Some values, such as Intel BTS and Intel Processor Trace, use an additional, auxiliary, mmap() buffer to store the results. PAPI currently does not support gathering data via that mechanism.

Data Format. Once the user signal handler is called, the program can read out the samples in the mmap() buffer and interpret them. There are two straightforward ways to deal with the data. One is to immediately write it to disk, interpreting it offline. The other is to decode and act on the results immediately. Both methods of gathering data will require some sort of library to interpret the fields in the samples. We provide examples that do both types of analysis, but this code is currently not part of PAPI, but separate code to be included in the analysis routines.

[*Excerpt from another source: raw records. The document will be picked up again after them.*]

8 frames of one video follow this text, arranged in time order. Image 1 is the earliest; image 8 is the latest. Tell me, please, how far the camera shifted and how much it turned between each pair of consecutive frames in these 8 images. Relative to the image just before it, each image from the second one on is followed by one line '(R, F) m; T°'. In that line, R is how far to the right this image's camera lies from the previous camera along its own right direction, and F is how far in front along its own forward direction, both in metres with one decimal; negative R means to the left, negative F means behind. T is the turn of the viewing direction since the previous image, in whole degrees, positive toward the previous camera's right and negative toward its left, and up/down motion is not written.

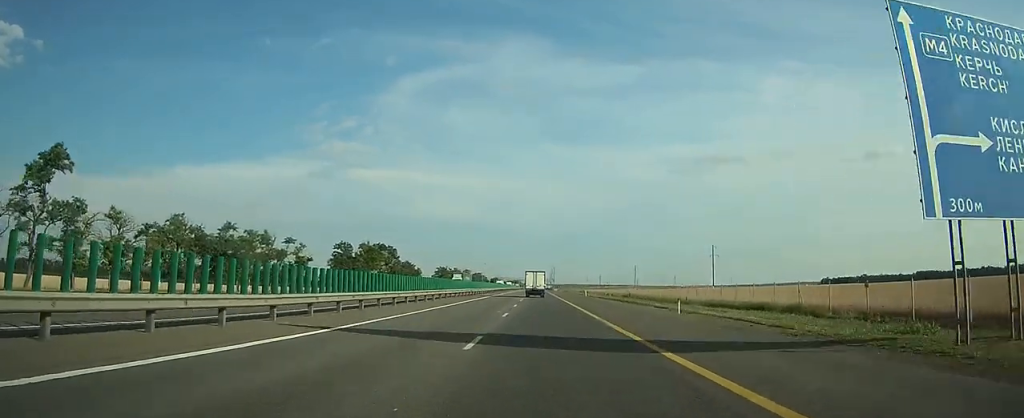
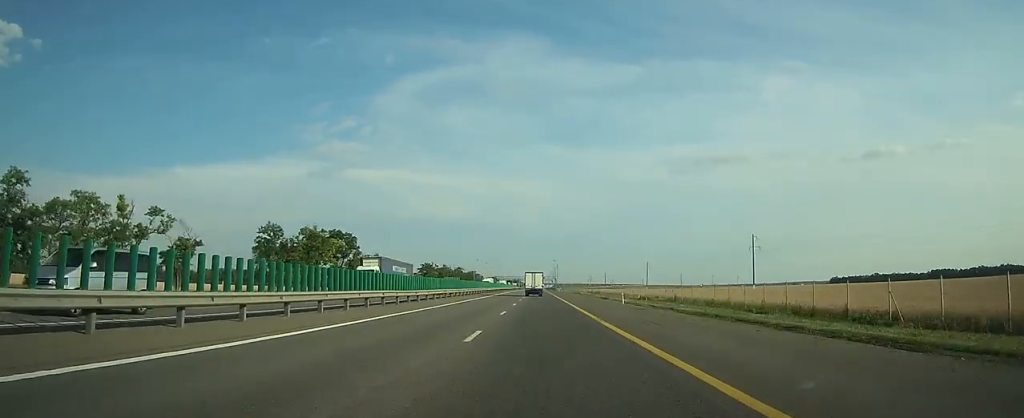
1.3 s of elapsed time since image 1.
(-0.1, +34.6) m; 0°
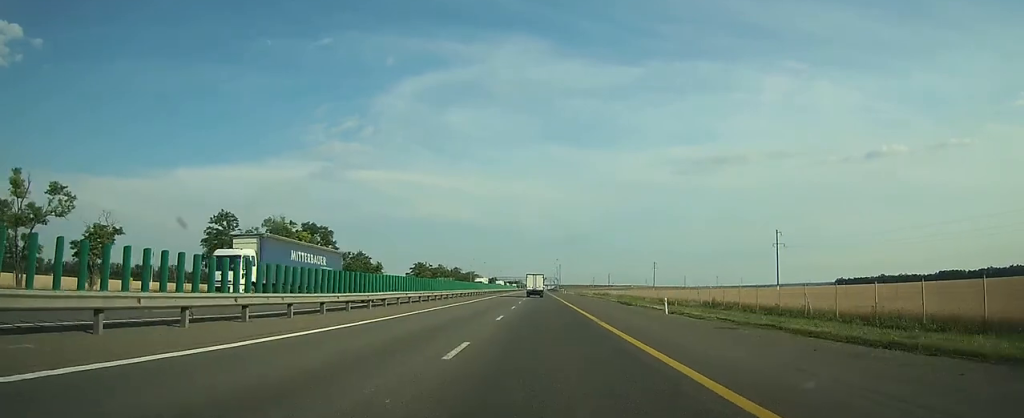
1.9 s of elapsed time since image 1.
(0.0, +14.7) m; 0°
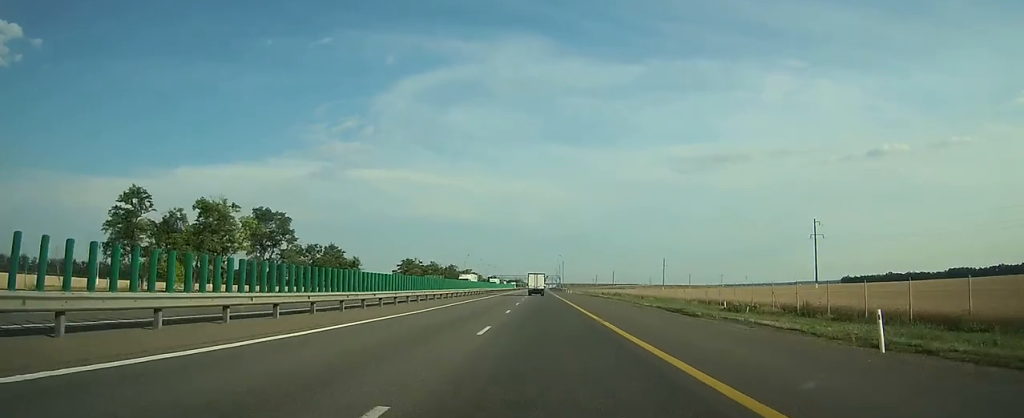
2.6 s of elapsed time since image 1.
(0.0, +19.0) m; 0°
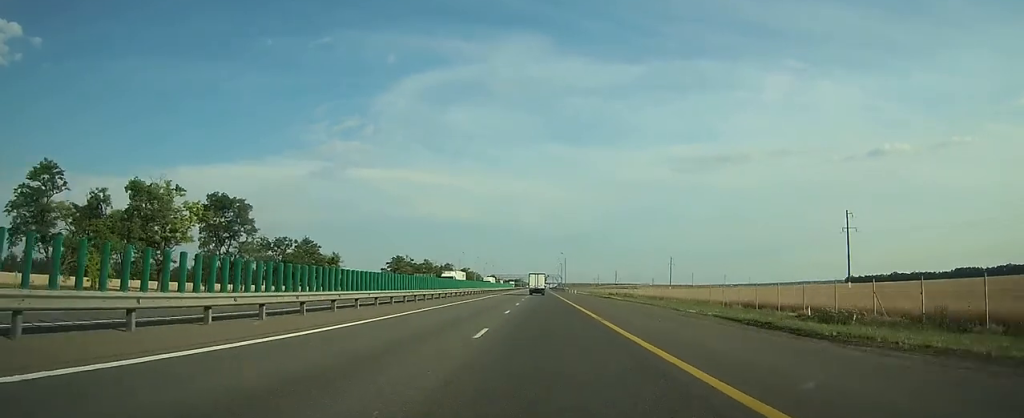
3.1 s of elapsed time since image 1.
(0.0, +12.9) m; 0°
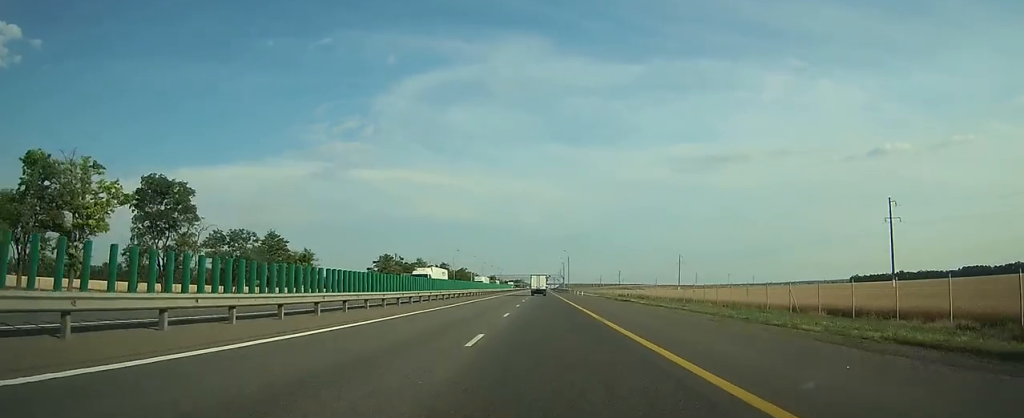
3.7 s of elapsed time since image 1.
(0.0, +13.9) m; 0°
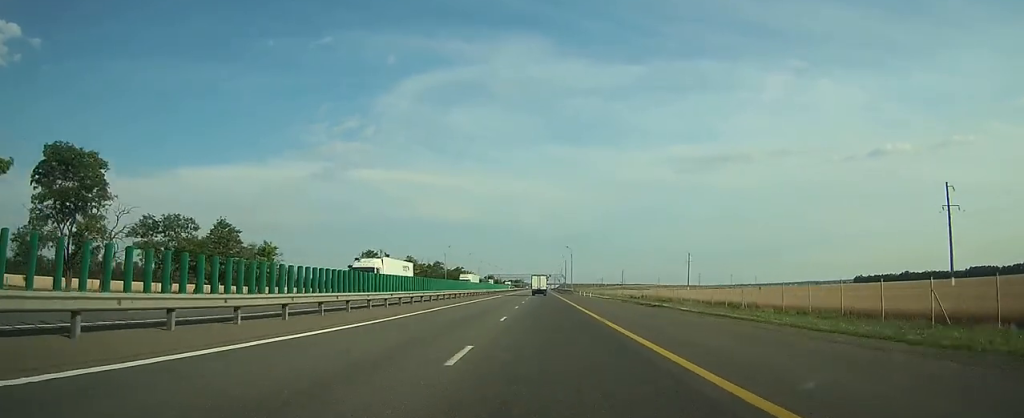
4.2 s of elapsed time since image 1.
(0.0, +14.7) m; 0°
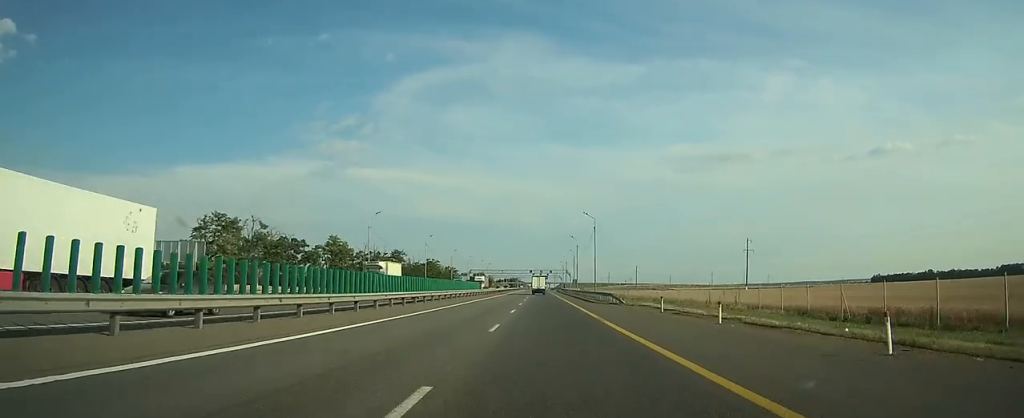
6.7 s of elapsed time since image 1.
(-0.2, +64.5) m; 0°

For the save to disk case, there is a standard on-disk format for perf records, the a perf.data file [9, 17, 28]. Programs that write out data in this format can then be analyzed by other compatible perf tools. There are various existing tools that can parse raw perf.data files:

  • pmu-tools parser [15],

  • quipper C++ parser (part of chromiumos-wide-profiling),

  • gooda [21], and

  • flame graphs [11].

6 Preliminary Results

We have been developing the advanced PAPI sampling interface on a number of machines, with the primary testing happening on an Intel Skylake machine with four cores. The test machine is running Linux 4.4.0-127-generic and our primary benchmark is a PAPI instrumented version 2.2 of the High-Performance Linpack (HPL) benchmark [29]. Samples have been recorded and verified for all PEBS events in the Skylake, Haswell, and Broadwell architectures.

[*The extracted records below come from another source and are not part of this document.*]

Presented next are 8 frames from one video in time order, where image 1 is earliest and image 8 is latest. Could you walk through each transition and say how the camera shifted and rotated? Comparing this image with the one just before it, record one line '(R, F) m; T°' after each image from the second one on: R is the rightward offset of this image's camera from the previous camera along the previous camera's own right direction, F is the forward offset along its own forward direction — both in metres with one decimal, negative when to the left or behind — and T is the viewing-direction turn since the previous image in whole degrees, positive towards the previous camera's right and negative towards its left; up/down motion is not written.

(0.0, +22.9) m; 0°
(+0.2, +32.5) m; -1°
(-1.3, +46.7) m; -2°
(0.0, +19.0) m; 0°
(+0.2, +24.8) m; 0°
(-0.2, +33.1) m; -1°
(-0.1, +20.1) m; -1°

Figure 3 shows results gathered on a Skylake machine when using sample types PERF_SAMPLE_IP, PERF_SAMPLE_READ, and PERF_SAMPLE_CPU. The native FRONTEND_RETIRED.L1I_MISS event was used, which counts instruction cache misses. Each sample contains the value of the performance counter, which can be seen next to “Value:”. The samples also record the CPU on which the event is occur ING and the instruction pointer at the time of the event. The samples were collected with a sample period of 10000. Two captured samples are shown; it is a multithreaded benchmark and it can be seen that the samples were gathered from two different cores. In this example, the raw data is gathered in a signal handler and this is parsed and printed each time a signal occurs.

Figure 4 shows results gathered on a Haswell machine that include cache latency and source results. These were gathered using the event:

MEM_TRANS_RETIRED:LATENCY_ABOVE_THRESHOLD

and the sample type:

PERF_SAMPLE_IP | PERF_SAMPLE_WEIGHT | PERF_SAMPLE_DATA_SRC.

Fig. 3.
figure 3

Example advanced sampling, with IP, CPU, and READ samples shown.

Fig. 4.
figure 4

Example of advanced sampling, with IP, WEIGHT, and DATA_SRC samples. The weight indicates the latency of the sampled instruction.

7 Conclusion and Future Work

We have designed an improved sampling interface for PAPI. It integrates advanced sampling support into the PAPI interface while abstracting away some of the difficulty of using the perf_event_open sampling interface. We provide code that can be used to parse samples found in the mmap() buffer which is not a trivial task.

The interface is currently under test for architectures other than Broadwell, Haswell and Skylake. Once testing is completed, the interface will be included and released with the upcoming 6.0 PAPI release.

By adding extended sampling support to PAPI we have opened new avenues for code analysis that will greatly aid users trying to optimize for performance in current and future extreme-scale systems.